METR did not provide a comment on the arguments contained in this piece by the time of publication.











> The METR graph cannot be saved
I think this is not a helpful framing at all! Instead the question should be: how should and shouldn't I update my views based on the graph. Clearly it contains a bunch of signal and so the correct amount to update is not zero, and also clearly you need to think about how that signal generalises to other claims you might want to think about.

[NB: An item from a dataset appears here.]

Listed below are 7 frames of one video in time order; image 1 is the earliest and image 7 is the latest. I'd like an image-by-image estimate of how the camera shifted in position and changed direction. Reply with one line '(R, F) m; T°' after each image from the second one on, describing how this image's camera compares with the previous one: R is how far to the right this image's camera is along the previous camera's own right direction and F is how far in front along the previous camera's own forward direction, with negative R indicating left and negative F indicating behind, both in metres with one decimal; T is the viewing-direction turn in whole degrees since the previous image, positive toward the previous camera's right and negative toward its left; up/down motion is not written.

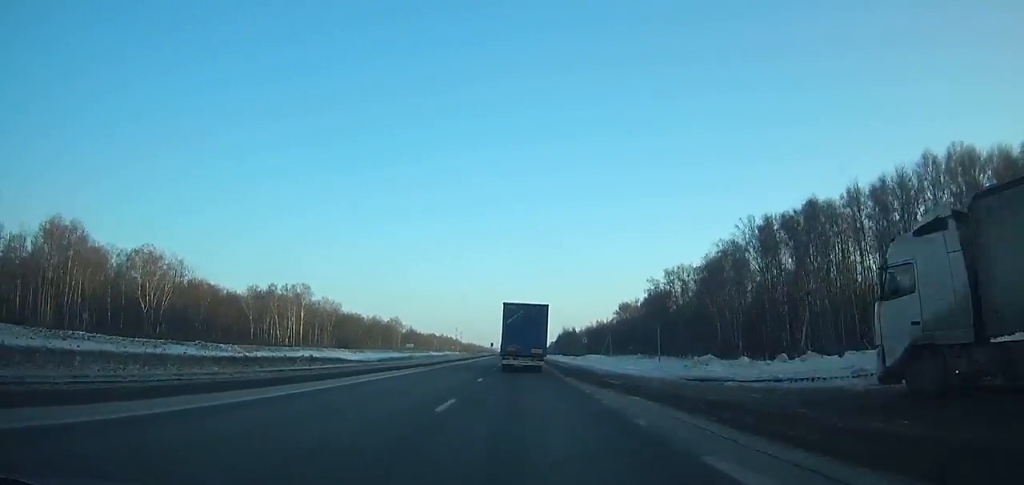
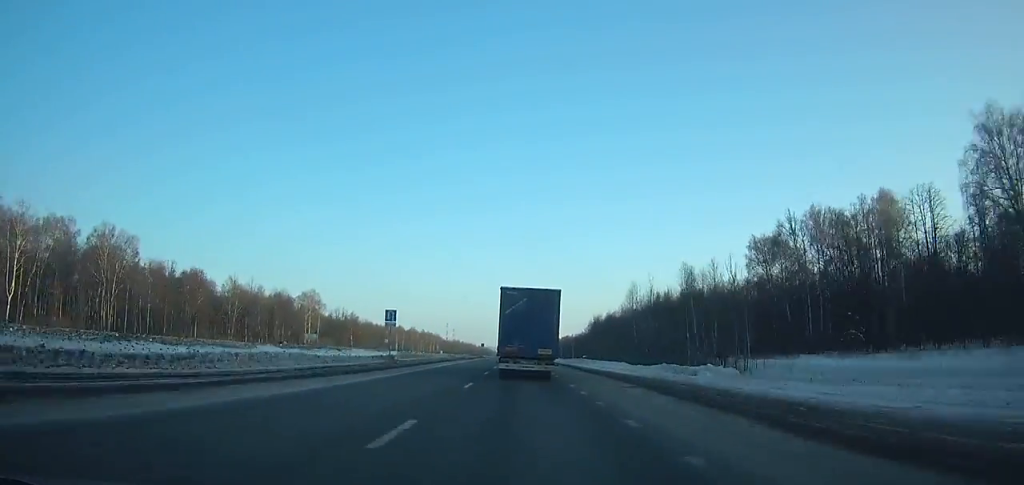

I think arguments like these about how well it generalises are most useful if they write down concrete predictions about exactly to what extent it will and won't generalise. We're working against the clock of rapid AI progress here, we can't pre-empt everything on the first shot, and so it's probably most valuable to do a good first version and then work to resolve the most important and decision-relevant differences in people's predictions based on the results of the first version (and the state of play more generally).
On the release of this paper some commentators (e.g. Gary Marcus, IIRC) said they expected that the exponential time horizon trend wouldn't generalise to other kinds of tasks outside of software engineering. I think (at least on some operationalisations) that claim was probably wrong, based on METR's follow-up investigating that question https://metr.org/blog/2025-07-14-how-does-time-horizon-vary-across-domains
In this post, I'm glad to see you predict that the baseliners on their initial suite took longer than a different sample would if incentivised differently. It might be helpful to write up a few of these predictions, and take them to METR (or your favourite non-METR research group that wants to do a replication) and see if we can get evidence on those too.
This is great - thanks for putting it together. I had always thought that while the absolute numbers were dubious and somewhat misrepresented (so often this graph is cited with language that elides the fact that it's talking about a 50% success rate), it was still useful in terms of relative improvement. Didn't realize there were such significant issues with data contamination, though.
Do you think there are any useful conclusions to be drawn from the graph, or is it just one of those things that looks really meaningful while revealing nothing of substance?